> **ACTIVITY**: Exactly as written, return every line of the data below apart from the pictures.

> **INFORMATION PROVIDED**:
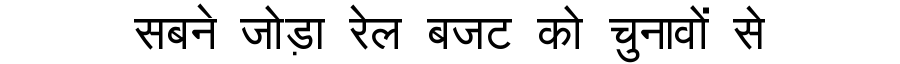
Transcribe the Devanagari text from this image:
सबने जोड़ा रेल बजट को चुनावों से
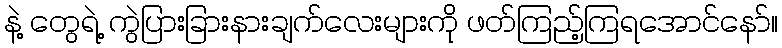
နဲ့ တွေရဲ့ ကွဲပြားခြားနားချက်လေးများကို ဖတ်ကြည့်ကြရအောင်နော်။
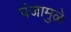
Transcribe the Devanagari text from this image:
पंजामुळे
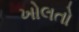
ખોલતો
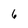
Character: 6
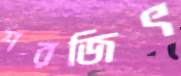
শরজিৎ
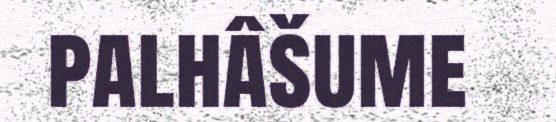
palhâšume
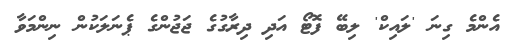
އެންމެ ގިނަ 'ލައިކް' ލިބޭ ފޮޓޯ އަދި ދިރާގުގެ ޖަޖުންގެ ޕެނަލަކުން ނިންމަވާ
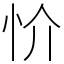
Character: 忦
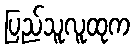
ပြည်သူလူထုက
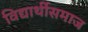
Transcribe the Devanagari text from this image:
विद्यार्थीसमाज
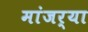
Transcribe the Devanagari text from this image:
मांजर्‍या
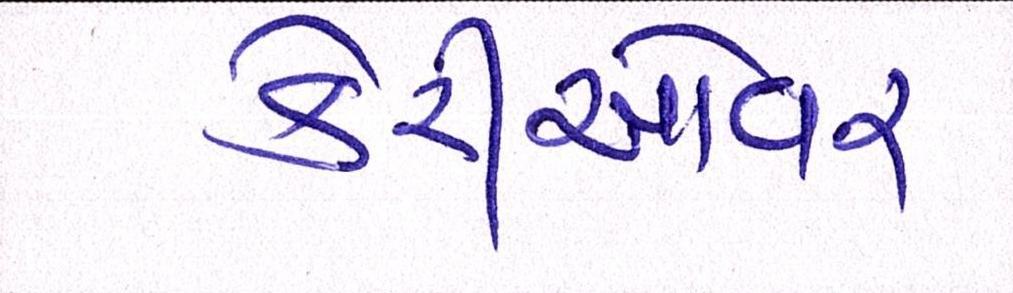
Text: કેરીઓવર
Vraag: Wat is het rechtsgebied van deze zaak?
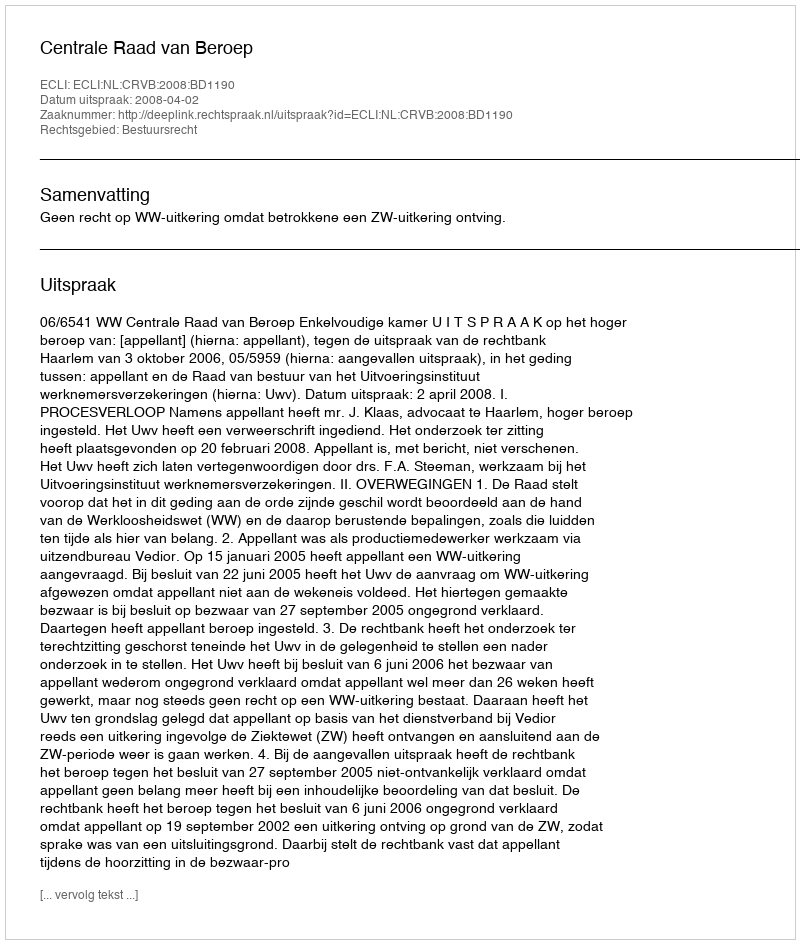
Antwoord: Bestuursrecht
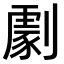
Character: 𠟵
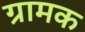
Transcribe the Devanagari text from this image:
ग्रामक
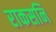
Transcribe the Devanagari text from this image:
राकसनि
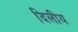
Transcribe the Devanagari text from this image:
दिलीय
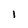
Character: l
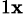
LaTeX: _{1\mathbf{x}}
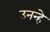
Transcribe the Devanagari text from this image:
उनन्हे
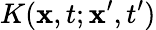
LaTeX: K(\mathbf{x},t;\mathbf{x}^{\prime},t^{\prime})
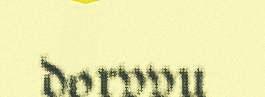
dorvvu
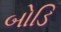
બોડિ
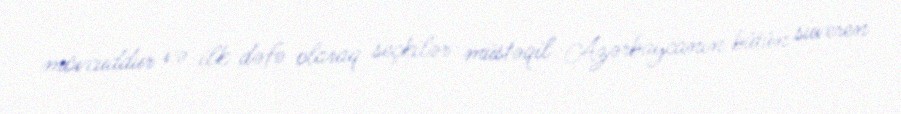
mövcuddur və ilk dəfə olaraq seçkilər müstəqil Azərbaycanın bütün suveren
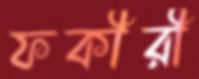
ফকীরী
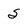
Character: s
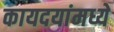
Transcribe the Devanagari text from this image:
कायदयांमध्ये
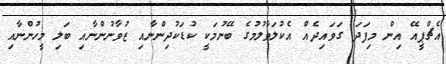
އެޗްޕީއޭ އިން މިފަދަ ގަވައިދެއް އެކުލަވާލުމުގެ ބޭނުމަކީ ކުޑަކުދިންނާއި ޒުވާނުންނާއި ބަލި މީހުންނާއި
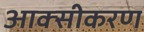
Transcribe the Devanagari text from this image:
आक्‍सीकरण
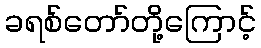
ခရစ်တော်တို့ကြောင့်
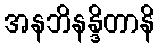
အနဘိနန္ဒိတာနိ
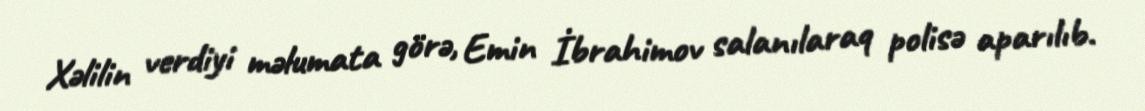
Xəlilin verdiyi məlumata görə, Emin İbrahimov salanılaraq polisə aparılıb.
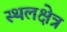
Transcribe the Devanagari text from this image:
स्थलक्षेत्र
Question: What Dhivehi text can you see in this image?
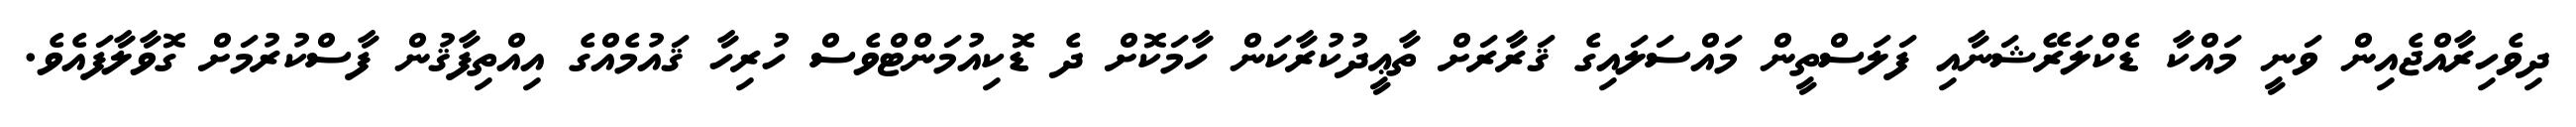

> **RESPONSE BOX**:
Transcribe the Devanagari text from this image:
सबने जोड़ा रेल बजट को चुनावों से
နဲ့ တွေရဲ့ ကွဲပြားခြားနားချက်လေးများကို ဖတ်ကြည့်ကြရအောင်နော်။
Transcribe the Devanagari text from this image:
पंजामुळे
ખોલતો
Character: 6
শরজিৎ
palhâšume
އެންމެ ގިނަ 'ލައިކް' ލިބޭ ފޮޓޯ އަދި ދިރާގުގެ ޖަޖުންގެ ޕެނަލަކުން ނިންމަވާ
Character: 忦
ပြည်သူလူထုက
Transcribe the Devanagari text from this image:
विद्यार्थीसमाज
Transcribe the Devanagari text from this image:
मांजर्‍या
Text: કેરીઓવર
Vraag: Wat is het rechtsgebied van deze zaak?
Antwoord: Bestuursrecht
Character: 𠟵
Transcribe the Devanagari text from this image:
ग्रामक
Transcribe the Devanagari text from this image:
राकसनि
Transcribe the Devanagari text from this image:
दिलीय
Character: l
LaTeX: _{1\mathbf{x}}
Transcribe the Devanagari text from this image:
उनन्हे
LaTeX: K(\mathbf{x},t;\mathbf{x}^{\prime},t^{\prime})
dorvvu
બોડિ
mövcuddur və ilk dəfə olaraq seçkilər müstəqil Azərbaycanın bütün suveren
ফকীরী
Character: s
Transcribe the Devanagari text from this image:
कायदयांमध्ये
އެޗްޕީއޭ އިން މިފަދަ ގަވައިދެއް އެކުލަވާލުމުގެ ބޭނުމަކީ ކުޑަކުދިންނާއި ޒުވާނުންނާއި ބަލި މީހުންނާއި
Transcribe the Devanagari text from this image:
आक्‍सीकरण
ခရစ်တော်တို့ကြောင့်
အနဘိနန္ဒိတာနိ
Xəlilin verdiyi məlumata görə, Emin İbrahimov salanılaraq polisə aparılıb.
Transcribe the Devanagari text from this image:
स्थलक्षेत्र
Question: What Dhivehi text can you see in this image?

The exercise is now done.